В ответ на такие вопросы взрослые обычно смеялись. Или отшучивались. Или переводили разговор на развязанные шнурки и немытые руки. А почему ты говоришь неправильно? Надо говорить встРРетились. Ты «р» не выговариваешь. Вот когда научишься произносить все буквы, тогда и поговорим. Скоро я перестала об этом спрашивать. Я верила, что когда-нибудь догадаюсь обо всем сама.
И было чувство странного присутствия на свете. Есть твоя жизнь, ты на нее смотришь словно со стороны. И никак не можешь понять, для чего тебя сюда поставили, привели. Ты тут кто? Люди, которые встречались на пути, казалось, были уверены в том, что они здесь раз и навсегда и что в точности знают, как тут все устроено. Знают, как жить, как себя вести, что будет завтра. Так было и в школе. Мои сверстницы безошибочно угадывали, какая из девочек им годится в подруги, а какая нет. Кто красивый, а кто нет. Смотри, какое у нее платье, пальто. Ой, какое колечко! Какие у нее ужасные родители. На вопрос: «Почему?» – вытягивались лица, крутили у виска. Ну, она совсем дура, ничего не понимает. Откуда они заранее знали обо всем на свете?
Я мучительно доходила до всего своим умом. Словно мир начался с меня, и я была заброшенным сюда первочеловеком, который должен был все испытать сам и всему дать собственные имена. Мне казалось, что мир был переполнен тайнами.
Потом мне открылось, что за уверенностью людей в своей правоте скрывалось не понимание жизни, а набор правил, установок, которые двигали их поступками и высказываниями. Но ведь все равно с ними что-то случалось, они почему-то становились такими, а не другими.
Мой дед Гавриил Петрович родился в 1910 году и в юном возрасте убежал из подмосковной деревни. У него была за плечами церковно-приходская школа, дважды замужняя суровая мать, множество братьев и сестер, которые умирали от всевозможных болезней. Его отец был очень пожилой человек, во времена оно еще крепостной графа Шереметева, и единственное, что говорил о нем мой дед, что тот его нещадно бил за плохое прилежание при чтении церковных книг. Прадед был истово верующий и хотел такими же воспитать своих детей. Однако он умер, да и революция не дала сбыться его планам. Когда я читала рассказ Чехова «Мужики», я понимала, откуда, из какой деревни, от какой жизни бежал мой дед. От нищеты, битья, колотушек, стояния на горохе в углу, от тараканов в жидком супе, от полной беспросветности – приняли власть большевиков, махновцев и вообще кого угодно. А Москва, хотя была недобра, дала ему работу кассира в большом универмаге. Дала звонкие обещания заботы о каждом человеке. И он стал учиться в кооперативном техникуме. И вдруг рывок. Деревенский парень женился на городской девушке; она чуть постарше его, покультурнее.
Танцует, поет, умеет жить в чистоте, – ее мать и бабка старообрядки – можно сказать, подфартило.
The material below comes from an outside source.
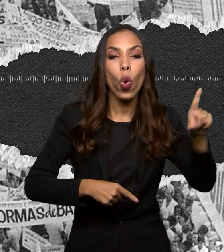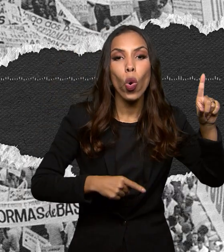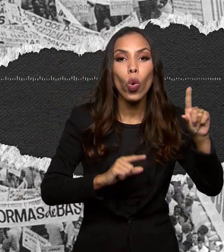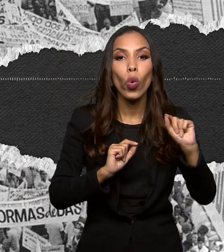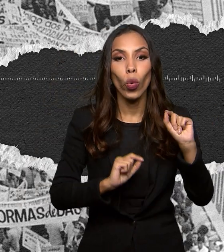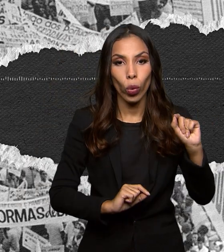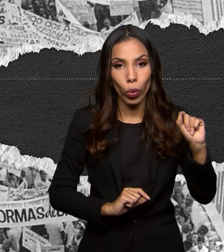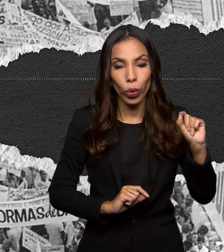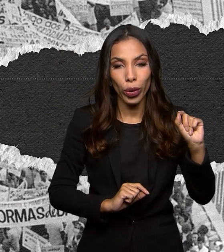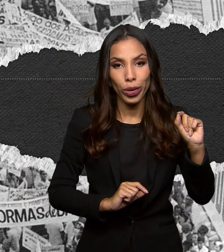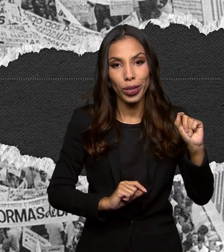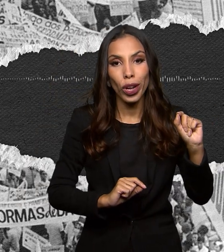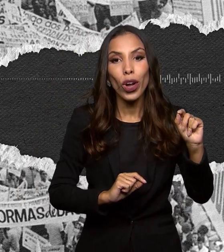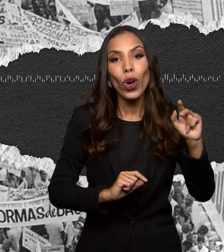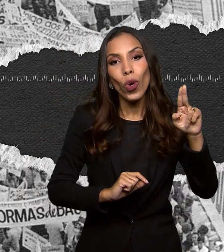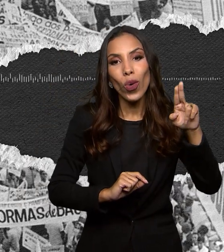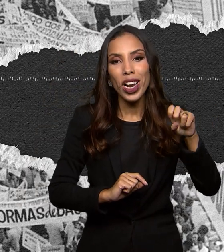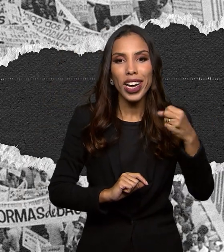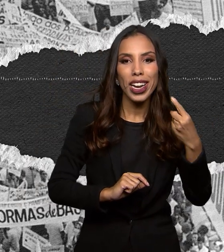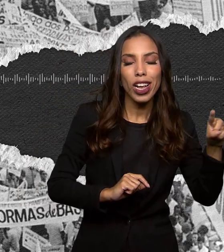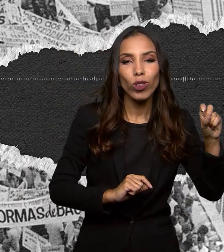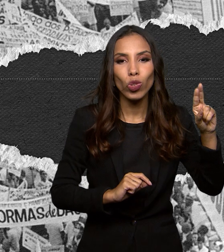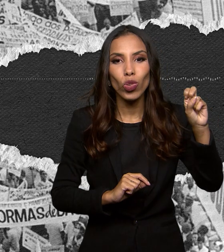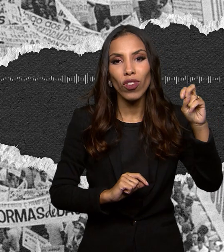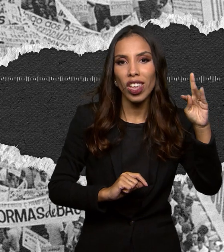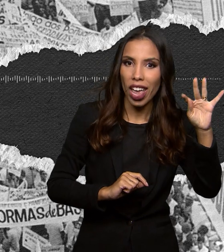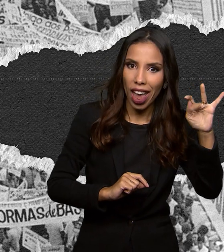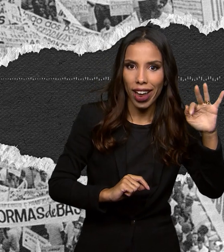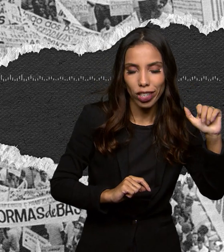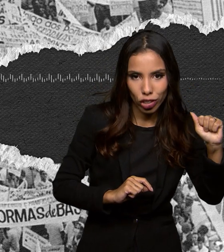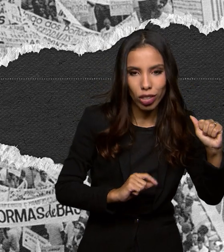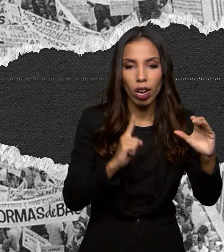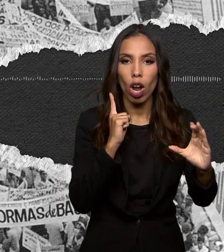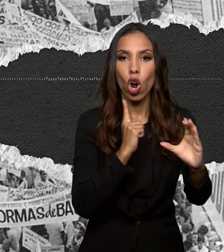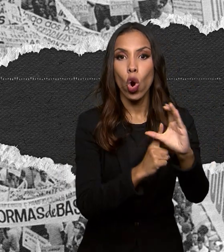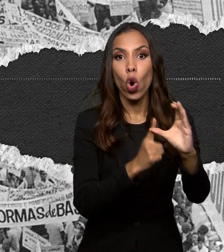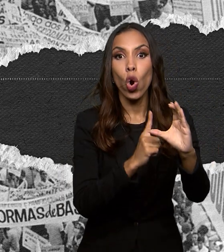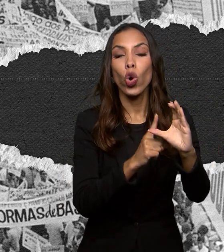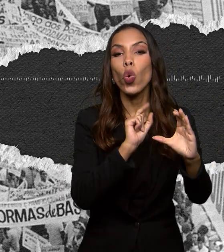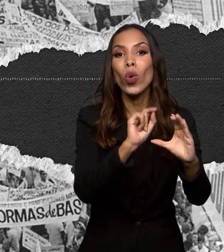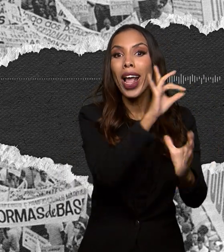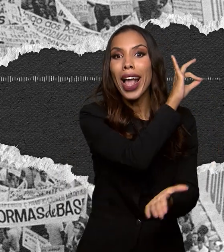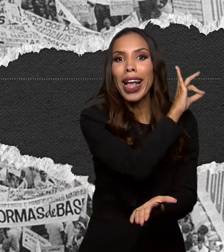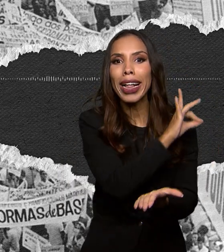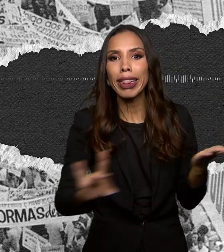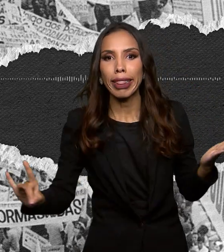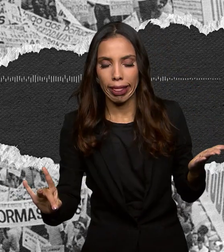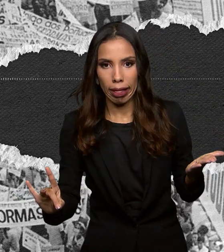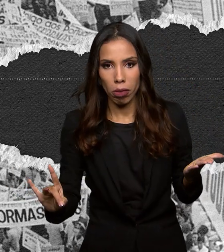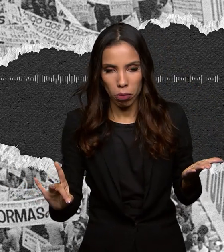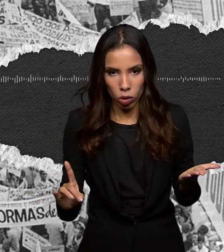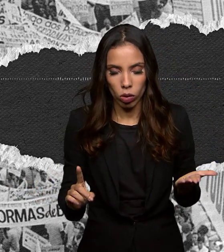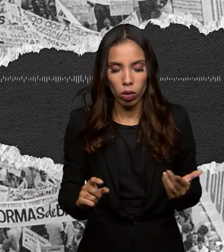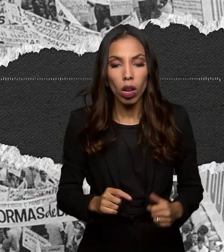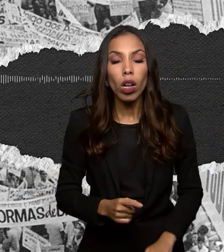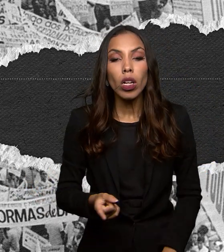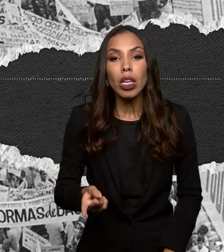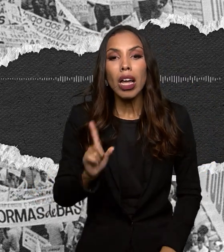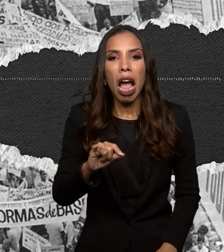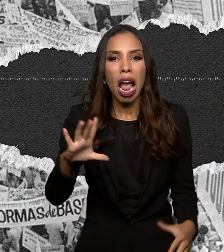União Soviética. E o comunismo encarnava o maior inimigo do Ocidente. Isso está profundamente ligado não só à divisão do

Опять же по комсомольскому набору его взяли на юридический факультет с четырьмя классами образования, а потом предложили работу в НКВД, где в 1937–1938 годах уничтожили весь прежний слой чекистов. А тут очень подходящий кадр – русский, с есенинской челкой, с рабоче-крестьянским происхождением. Его портрет, перерисованный кем-то карандашом с юношеской фотографии, всегда висел в спальне. Там он был светлоглазым и кудрявым юношей. Тайной любовью он, видимо, любил Есенина, но хорошо помнил те времена, когда тот был под запретом.
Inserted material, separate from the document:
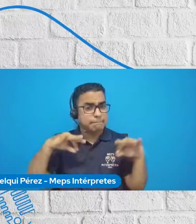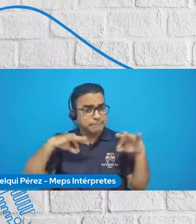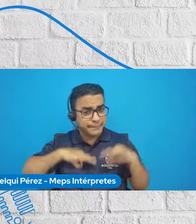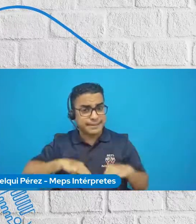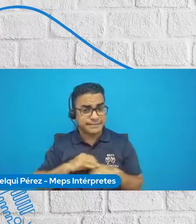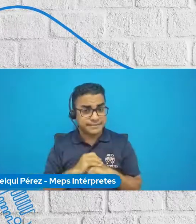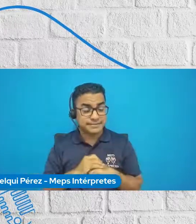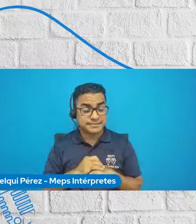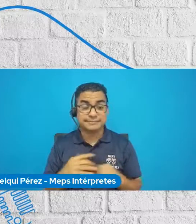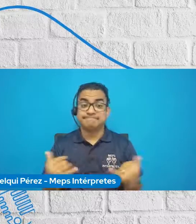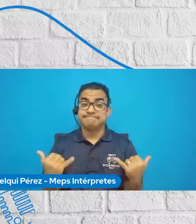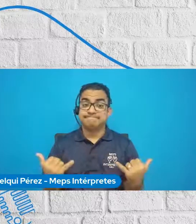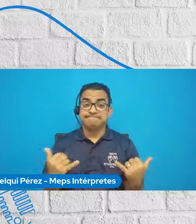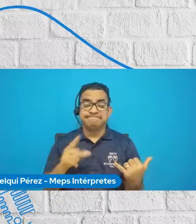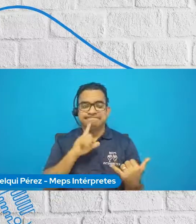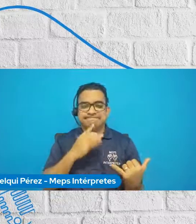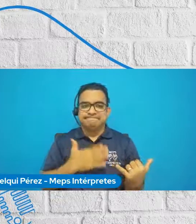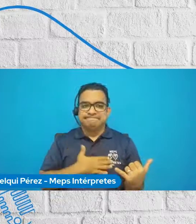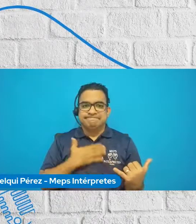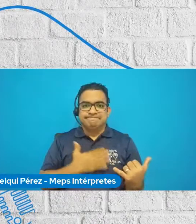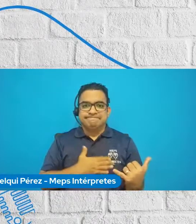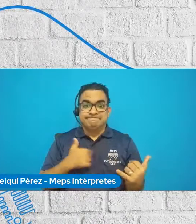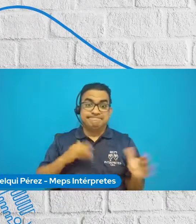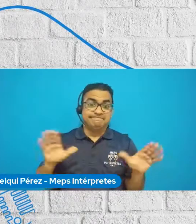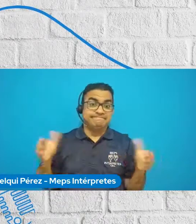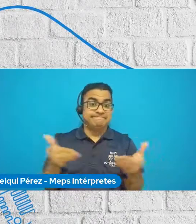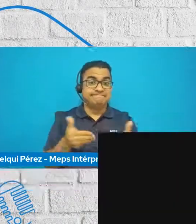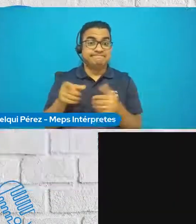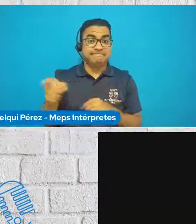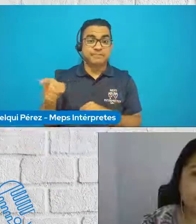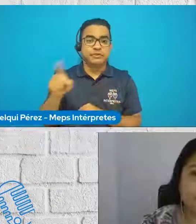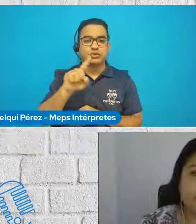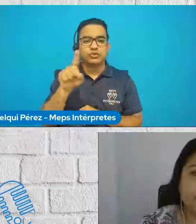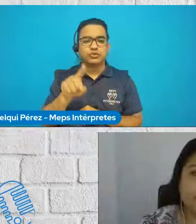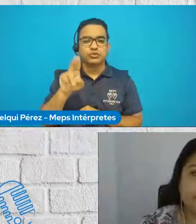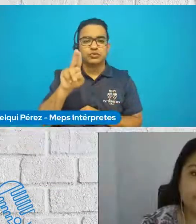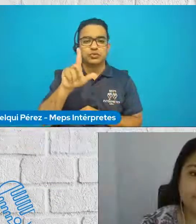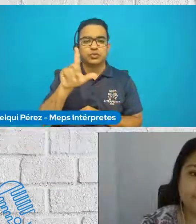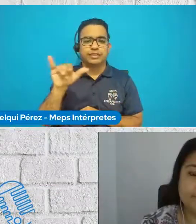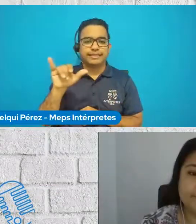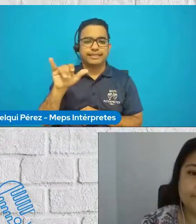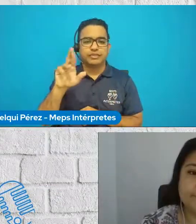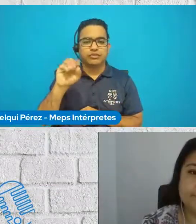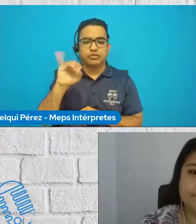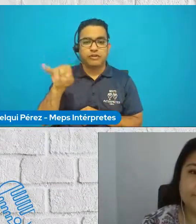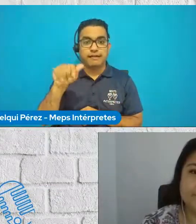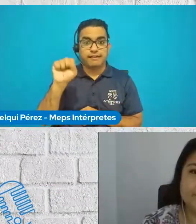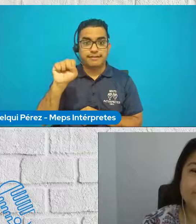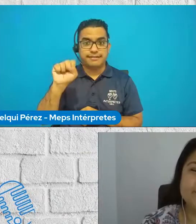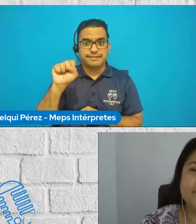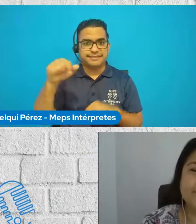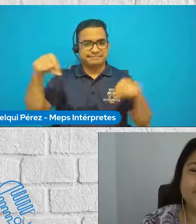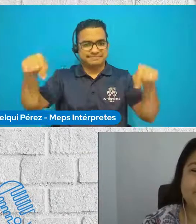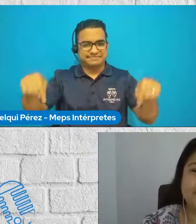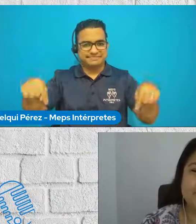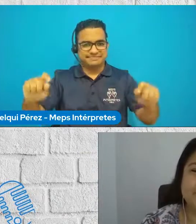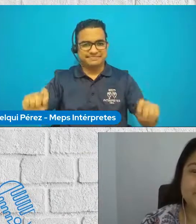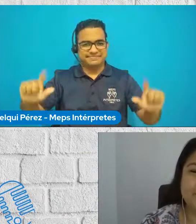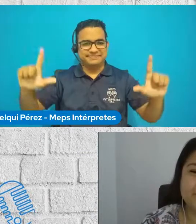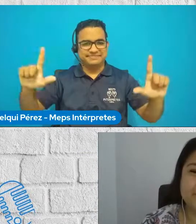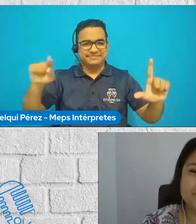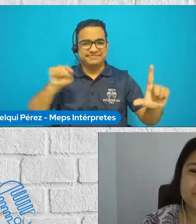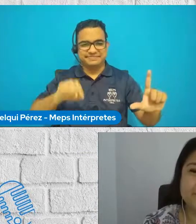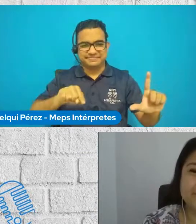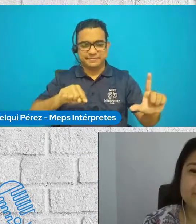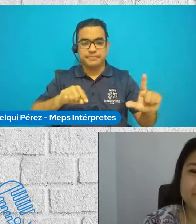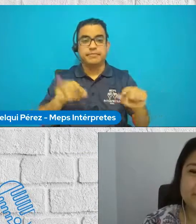hoy, les tengo el agrado de presentar a Zuli Rojas. Zuli Rojas está presentándose a continuación. También

– Что с человеком водка-то сделала, – вздыхая, говорил он мне шестилетней, когда мы брели с ним по лесу, собирая грибы. Он любил делиться со мной самыми разнообразными суждениями. Рассказывал, как Есенин повесился в «Англетере», как было ужасно пьянство и буржуазное разложение. А я видела молодого человека, похожего на деда, висящего на люстре в большой комнате. Мы обычно садились на большой пень; по-деревенски из большой белой тряпицы дед извлекал крутое яйцо, хлеб и бутерброд с докторской колбасой. Огромный кусок, отрезанный от круглого столового хлеба, пах лесом и летним воздухом. Говорил он очень обстоятельно. Дед казался мне более загадочным, чем отец, он все время начинал что-то рассказывать, но внезапно обрывал себя, не договаривая. Больше всего он не любил вопросов. Уходил от них, уклонялся с байками, с прибаутками, а иногда даже становился красным и словно чем-то возмущался в глубине.